--- THE RECORDS Enclosed Below ---

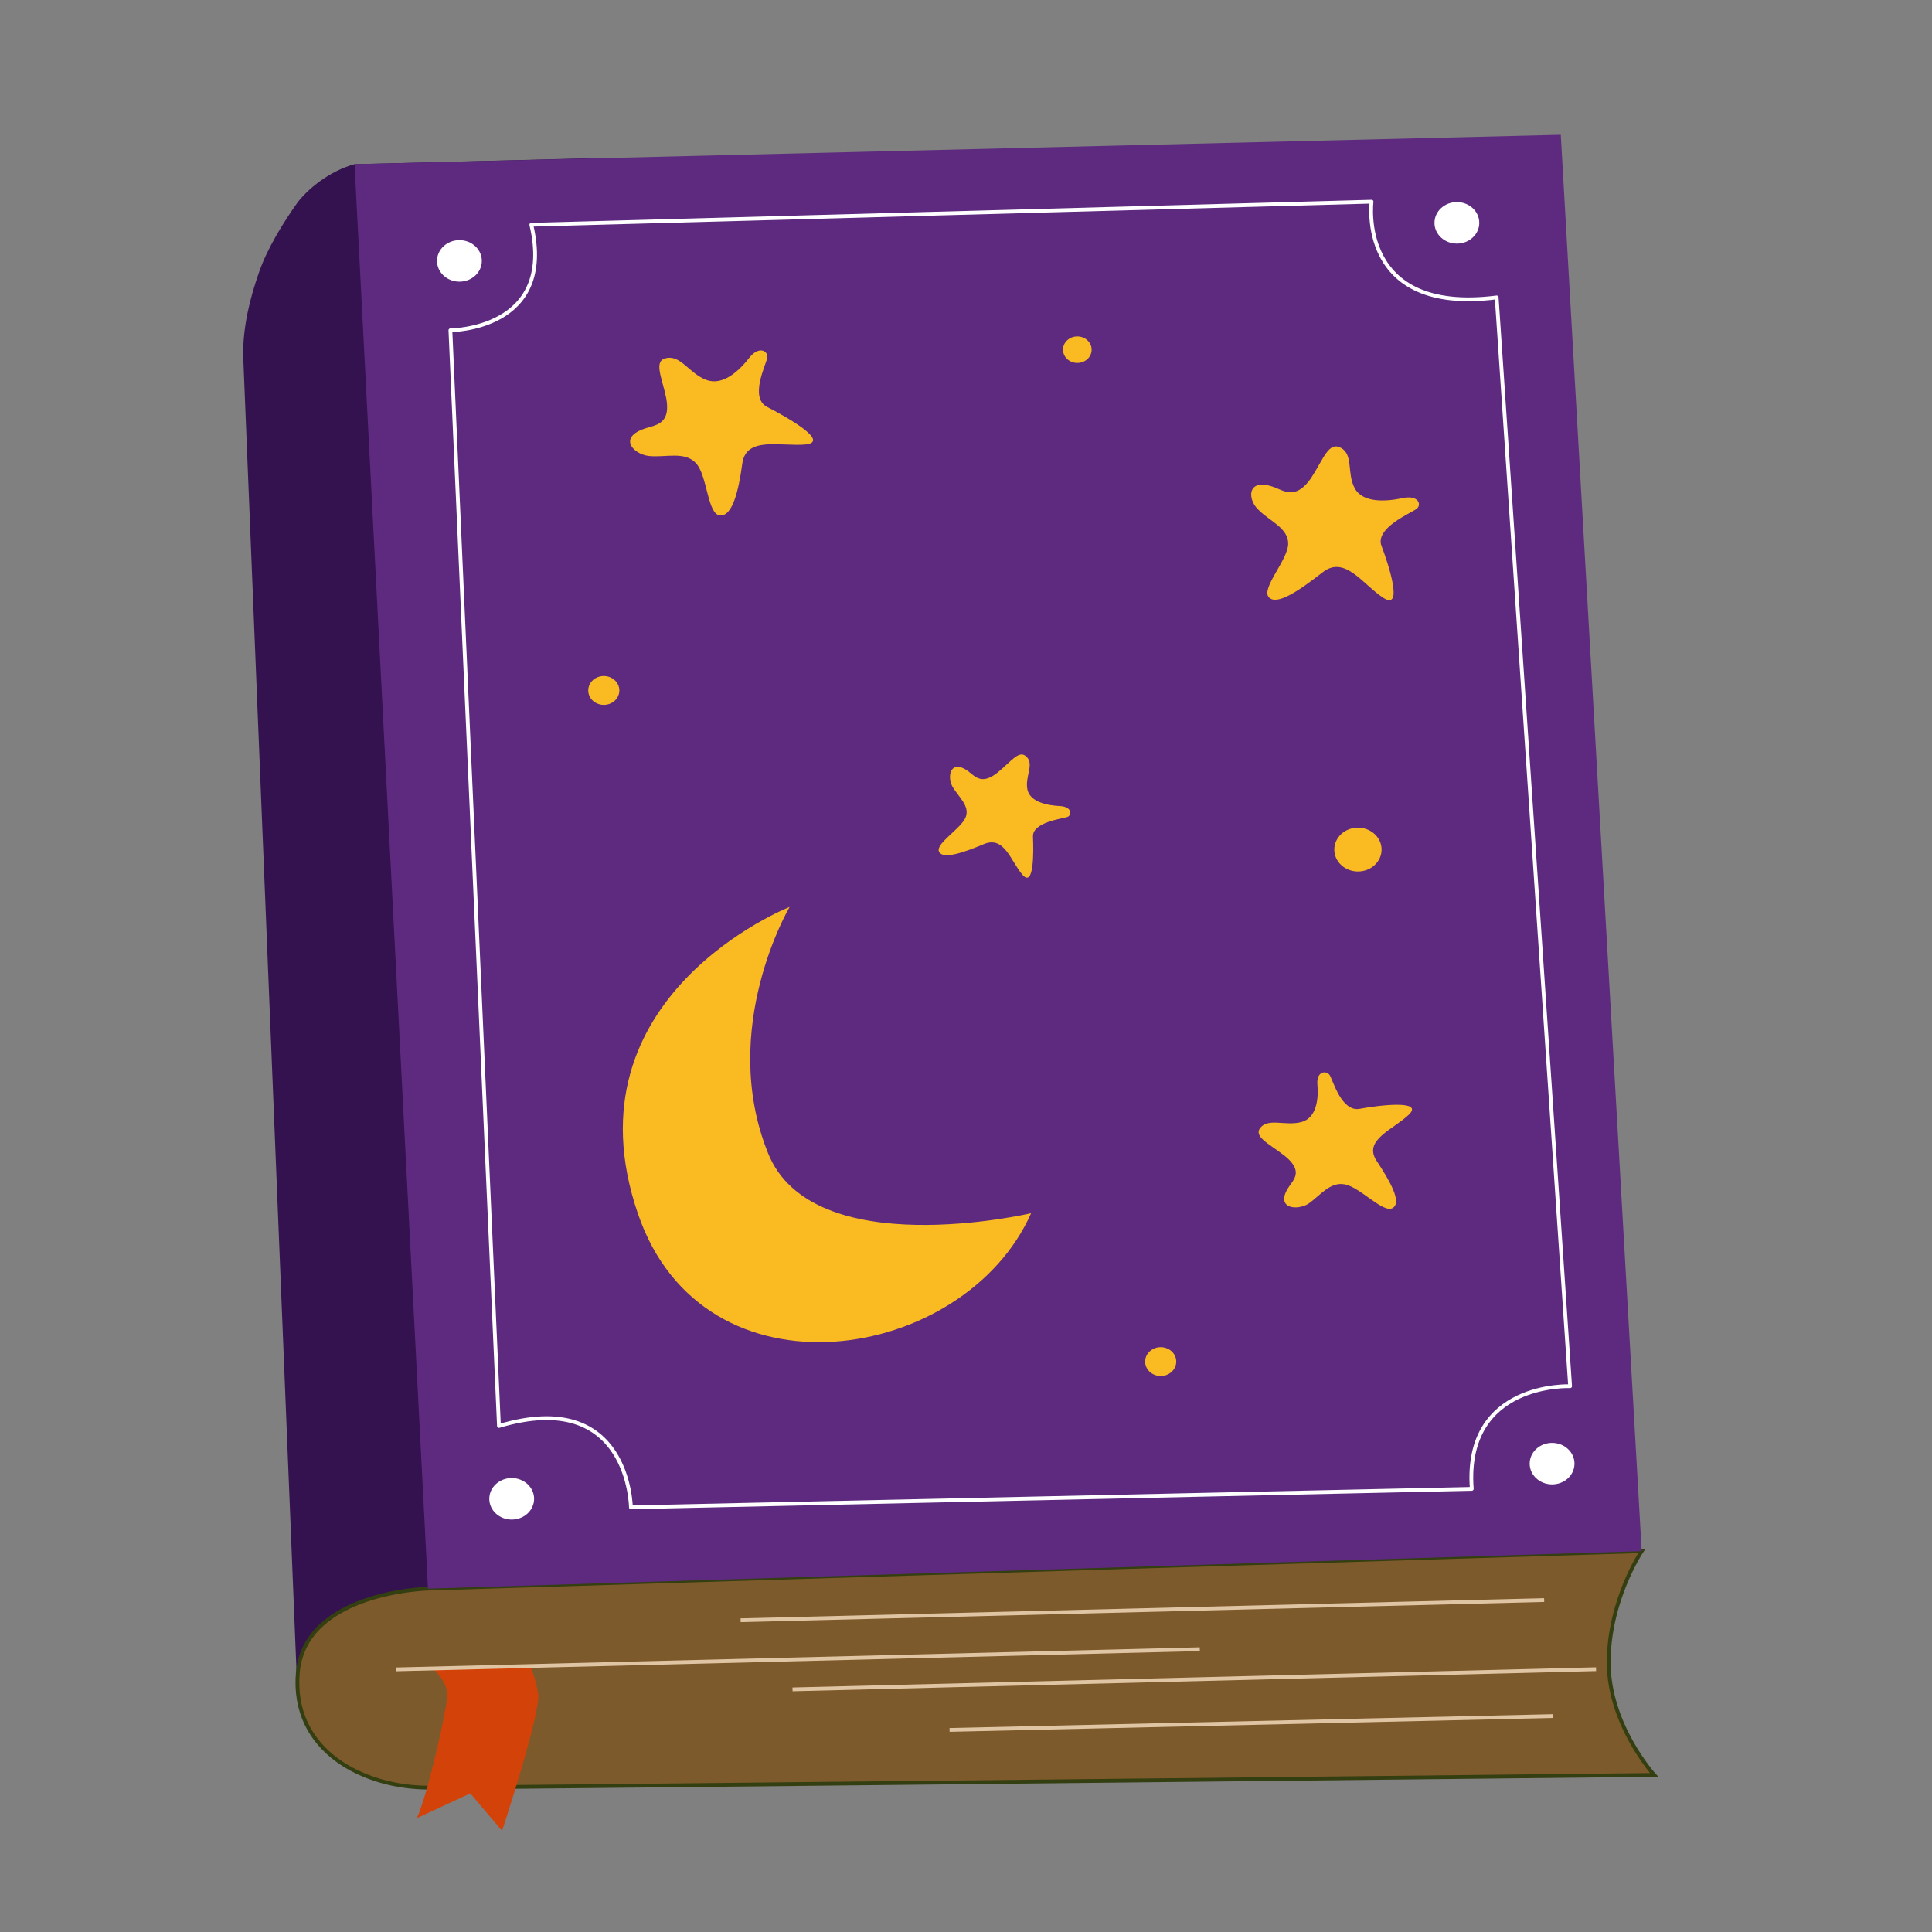 <?xml version="1.0" encoding="utf-8"?>
<svg version="1.1" id="Layer_1" x="0px" y="0px" viewBox="0 0 512 512" style="enable-background:new 0 0 512 512;" xmlns="http://www.w3.org/2000/svg">
  <rect x="0" y="0" width="512" height="512" fill="#808080" stroke="none"/>
  <style type="text/css">
	.st0{fill:none;stroke:#698428;stroke-miterlimit:10;}
	.st1{fill:none;stroke:#93B746;stroke-miterlimit:10;}
	.st2{fill:#34114F;}
	.st3{fill:#FCEEDB;}
	.st4{fill:#5E2A7F;}
	.st5{fill:#F9BB21;}
	.st6{fill:none;stroke:#E0C5A4;stroke-miterlimit:10;}
	.st7{fill:none;stroke:#FFFFFF;stroke-linecap:round;stroke-linejoin:round;stroke-miterlimit:10;}
	.st8{fill:#FFFFFF;}
	.st9{fill:#D34209;}
</style>
  <path class="st2" d="M 93.959 43.513 C 87.198 45.346 81.422 50.237 78.784 53.751 C 74.991 59.101 70.867 65.825 68.723 71.939 C 66.083 79.427 64.434 86.611 64.434 93.946 L 78.784 447.904 L 166.864 447.904 L 160.763 41.831 C 160.926 41.831 94.124 43.513 93.959 43.513 Z" style=""/>
  <path class="st3" d="M 113.422 421.007 C 113.422 421.007 81.094 421.771 78.949 443.013 C 76.969 464.257 96.764 473.732 113.422 473.732 C 130.082 473.732 438.365 470.371 438.365 470.371 C 438.365 470.371 426.323 457.074 426.323 440.569 C 426.323 424.062 435.067 411.072 435.067 411.072 L 113.422 421.007 Z" style="paint-order: stroke; stroke: rgb(51, 62, 17); fill: rgb(124, 90, 43);"/>
  <polygon class="st4" points="93.959 43.513 113.422 421.007 435.067 411.072 413.624 35.718" style=""/>
  <path class="st5" d="M 209.255 240.358 C 209.255 240.358 149.381 263.895 169.009 321.513 C 186.328 372.558 255.605 361.25 273.254 321.513 C 273.254 321.513 215.194 335.114 203.483 305.466 C 190.288 272.454 209.255 240.358 209.255 240.358 Z" style=""/>
  <path class="st5" d="M 172.144 113.202 C 174.782 112.439 177.587 111.523 176.596 105.715 C 175.441 99.908 172.968 95.476 176.761 94.863 C 180.555 94.252 182.699 98.99 187.154 100.671 C 191.606 102.352 195.896 98.226 198.535 94.863 C 201.174 91.501 203.647 93.03 203.317 94.863 C 202.988 96.697 198.535 105.409 203.317 107.855 C 208.101 110.3 220.143 117.024 213.545 117.789 C 206.947 118.399 197.709 115.496 196.72 122.83 C 195.73 130.167 194.081 136.893 190.783 136.586 C 187.483 136.281 187.483 126.194 184.514 122.83 C 181.546 119.47 176.432 121.302 171.977 120.843 C 167.69 120.387 163.236 115.496 172.144 113.202 Z" style=""/>
  <path class="st5" d="M 342.037 313.871 C 343.357 312.037 344.842 309.898 340.552 306.382 C 336.264 303.021 331.975 301.185 334.119 298.74 C 336.264 296.295 340.717 298.435 344.842 297.365 C 348.964 296.295 349.458 291.098 349.13 287.43 C 348.8 283.763 351.603 283.611 352.427 284.986 C 353.255 286.361 355.562 294.767 360.346 293.849 C 365.129 292.935 377.498 291.405 373.377 295.378 C 369.253 299.352 361.172 302.104 364.8 307.604 C 368.428 313.108 371.562 318.608 369.088 320.136 C 366.613 321.666 360.51 314.636 356.387 313.871 C 352.427 313.108 349.79 316.927 346.657 319.067 C 343.192 321.054 337.418 319.986 342.037 313.871 Z" style=""/>
  <path class="st5" d="M 338.737 129.556 C 341.212 130.626 344.017 131.696 347.48 126.653 C 350.778 121.609 352.098 116.87 355.398 118.707 C 358.696 120.539 356.882 125.43 359.026 129.403 C 361.172 133.376 367.438 132.917 371.727 132.002 C 376.016 131.085 376.84 133.835 375.355 134.906 C 373.871 135.975 364.303 139.949 366.12 144.687 C 367.933 149.425 372.057 161.956 366.613 158.441 C 361.172 154.927 356.387 146.98 350.45 151.717 C 344.346 156.454 338.408 160.582 336.264 158.288 C 334.119 155.995 341.212 148.508 341.378 144.229 C 341.541 139.949 336.429 138.115 333.46 135.058 C 330.327 132.154 330.49 125.889 338.737 129.556 Z" style=""/>
  <path class="st5" d="M 257.418 205.055 C 258.904 206.277 260.718 207.654 264.348 204.749 C 267.976 201.844 270.12 198.483 272.1 200.623 C 274.078 202.61 271.605 205.819 272.264 209.181 C 272.925 212.545 277.543 213.459 280.843 213.614 C 284.143 213.768 284.143 216.059 282.823 216.518 C 281.503 216.977 273.584 217.892 273.749 221.714 C 273.914 225.533 274.078 235.469 270.945 231.801 C 267.813 228.133 266.161 221.41 260.718 223.701 C 255.275 225.992 249.832 227.827 248.843 225.688 C 247.853 223.547 254.782 219.574 255.936 216.518 C 257.09 213.459 253.79 211.015 252.306 208.264 C 250.822 205.208 252.306 200.623 257.418 205.055 Z" style=""/>
  <circle class="st5" cx="200" cy="220.1" r="2.5" style="" transform="matrix(1.649, 0, 0, 1.528, -169.789, -153.335)"/>
  <circle class="st5" cx="289.5" cy="336.5" r="2.5" style="" transform="matrix(1.649, 0, 0, 1.528, -169.789, -153.335)"/>
  <circle class="st5" cx="321.2" cy="247.7" r="3.8" style="" transform="matrix(1.649, 0, 0, 1.528, -169.789, -153.335)"/>
  <circle class="st5" cx="276.1" cy="161" r="2.3" style="" transform="matrix(1.649, 0, 0, 1.528, -169.789, -153.335)"/>
  <line class="st6" x1="251.646" y1="458.448" x2="411.479" y2="454.781" style=""/>
  <path class="st7" d="M 119.36 87.528 C 119.36 87.528 147.4 87.528 140.803 59.56 L 363.48 53.446 C 363.48 53.446 359.521 83.555 396.634 78.815 L 416.097 367.361 C 416.097 367.361 387.892 366.139 390.036 394.566 L 167.195 399.457 C 167.195 399.457 166.864 367.515 132.226 377.907 L 119.36 87.528 Z" style=""/>
  <circle class="st8" cx="176.8" cy="145.6" r="3.6" style="" transform="matrix(1.649, 0, 0, 1.528, -169.789, -153.335)"/>
  <circle class="st8" cx="185.2" cy="360.3" r="3.6" style="" transform="matrix(1.649, 0, 0, 1.528, -169.789, -153.335)"/>
  <circle class="st8" cx="352.4" cy="354.2" r="3.6" style="" transform="matrix(1.649, 0, 0, 1.528, -169.789, -153.335)"/>
  <circle class="st8" cx="337.1" cy="139" r="3.6" style="" transform="matrix(1.649, 0, 0, 1.528, -169.789, -153.335)"/>
  <path class="st9" d="M 114.907 442.402 C 114.907 442.402 118.7 445.764 118.536 449.432 C 118.371 452.948 113.422 475.567 110.454 481.833 L 124.64 475.261 L 133.051 485.195 C 133.051 485.195 143.442 453.711 142.619 448.82 C 141.793 443.932 140.474 441.638 140.474 441.638 L 114.907 442.402 Z" style=""/>
  <line class="st6" x1="105.01" y1="442.402" x2="317.956" y2="437.054" style=""/>
  <line class="st6" x1="210.027" y1="447.702" x2="422.973" y2="442.354" style=""/>
  <line class="st6" x1="196.274" y1="429.382" x2="409.22" y2="424.033" style=""/>
</svg>

--- End of Enclosed THE RECORDS ---

(WHAT TO PRODUCE)
Every line in the records above that contains the word "miterlimit" is to be copied out.

(REPLY TO THE EXERCISE)
	.st0{fill:none;stroke:#698428;stroke-miterlimit:10;}
	.st1{fill:none;stroke:#93B746;stroke-miterlimit:10;}
	.st6{fill:none;stroke:#E0C5A4;stroke-miterlimit:10;}
	.st7{fill:none;stroke:#FFFFFF;stroke-linecap:round;stroke-linejoin:round;stroke-miterlimit:10;}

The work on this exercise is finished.